Ben Rice Dominates the American League
Ben Rice has rushed out of the gates in 2026. He has emerged as a dominant force in the American League this season.
Early-season numbers and context
Through the first three weeks, Rice has a .362/.500/.745 slash line. His wRC+ sits at 241, and he has reached 1.0 WAR.
Rice’s BABIP is an unsustainably high .500. That figure has inflated some traditional metrics early on.
StatCast adjustments and sustainable view
ZiPS uses StatCast inputs to estimate a more stable line. That model lowers his BABIP to .318.
After adjusting for BABIP, walks, homers, and strikeouts, ZiPS shows .277/.392/.629. That equates to a 1.021 OPS.
Even with those corrections, Rice projects as an elite offensive player. His adjusted numbers compare favorably to recent season leaders.
Hard contact and batted-ball profile
Rice already owned a 55.8% hard-hit rate in 2025, seventh-best in baseball. Early in 2026, that figure climbed to 70.0%.
Only Fernando Tatis Jr. ranks ahead of him in hard-hit rate so far. Rice’s average exit velocity is 96.7 mph, fourth in the majors.
In 2025, just 128 of 11,990 runs of 30 balls in play posted a hard-hit rate above 70%. A 17-player list achieved that mark at least once.
- Notable names on that list include Shohei Ohtani, Aaron Judge, and Juan Soto.
- Also present were Kyle Schwarber, Manny Machado, and Michael Harris II.
How pitchers have responded
Opposing pitchers have shown Rice more respect. They have thrown him fewer fastballs this year.
Pitchers are also offering fewer pitches in the strike zone versus last season. That indicates game-planning shifts.

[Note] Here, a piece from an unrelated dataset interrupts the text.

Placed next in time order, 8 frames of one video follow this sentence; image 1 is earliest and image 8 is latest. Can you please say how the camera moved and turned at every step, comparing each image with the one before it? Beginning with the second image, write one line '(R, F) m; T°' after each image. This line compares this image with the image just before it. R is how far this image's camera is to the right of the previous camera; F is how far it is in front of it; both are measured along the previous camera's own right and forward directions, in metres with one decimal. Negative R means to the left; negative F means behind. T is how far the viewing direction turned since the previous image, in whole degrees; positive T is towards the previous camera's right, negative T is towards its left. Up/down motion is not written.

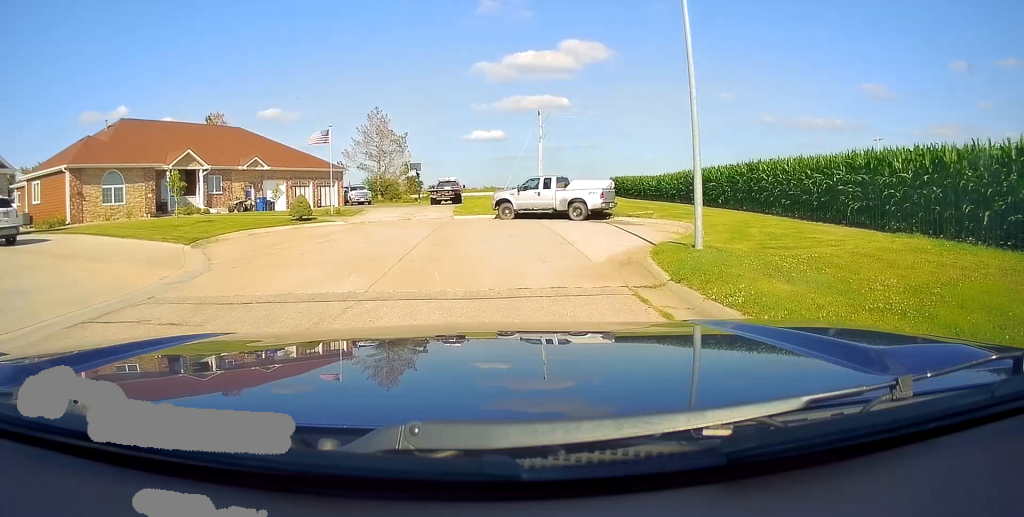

Projection changes and roster impact
Rice ranked sixth among hitters in in-season forecast improvements during 2025. ZiPS had him at 128 wRC+ preseason.
His rest-of-season wRC+ forecast has climbed to 137 in the simpler in-season model. With StatCast, ZiPS raises that to 143.
That 143 rest-of-season projection is the seventh-best mark in ZiPS. Across the full model runs, Rice posted the second-largest wRC+ bump.
Long-range ZiPS projections
| Year | BA | OBP | SLG | AB | HR | OPS+ | WAR |
|---|---|---|---|---|---|---|---|
| 2027 | .258 | .352 | .524 | 450 | 30 | 142 | 3.6 |
| 2028 | .257 | .352 | .515 | 452 | 29 | 139 | 3.4 |
| 2029 | .252 | .348 | .500 | 448 | 28 | 134 | 3.1 |
| 2030 | .248 | .345 | .479 | 436 | 25 | 128 | 2.7 |
| 2031 | .242 | .339 | .460 | 417 | 22 | 121 | 2.1 |
Effect on Yankees projections when Judge is limited
Before Rice’s surge, ZiPS simulations showed the Yankees had an above-average offense 57.0% of the time. Those sims assumed Aaron Judge played 300 or fewer plate appearances.
With Rice’s updated forecast, that probability rises to 67.1%. Reverting to his preseason projection cuts the rate back to 56.9%.
Most of the team’s sub-.500 simulated seasons fell in the Judge-limited group. Ninety-two percent of those losing seasons came when Judge saw fewer plate appearances.
Filmogaz.com coverage will continue to monitor Rice’s season. His power and contact quality suggest this is no brief hot streak.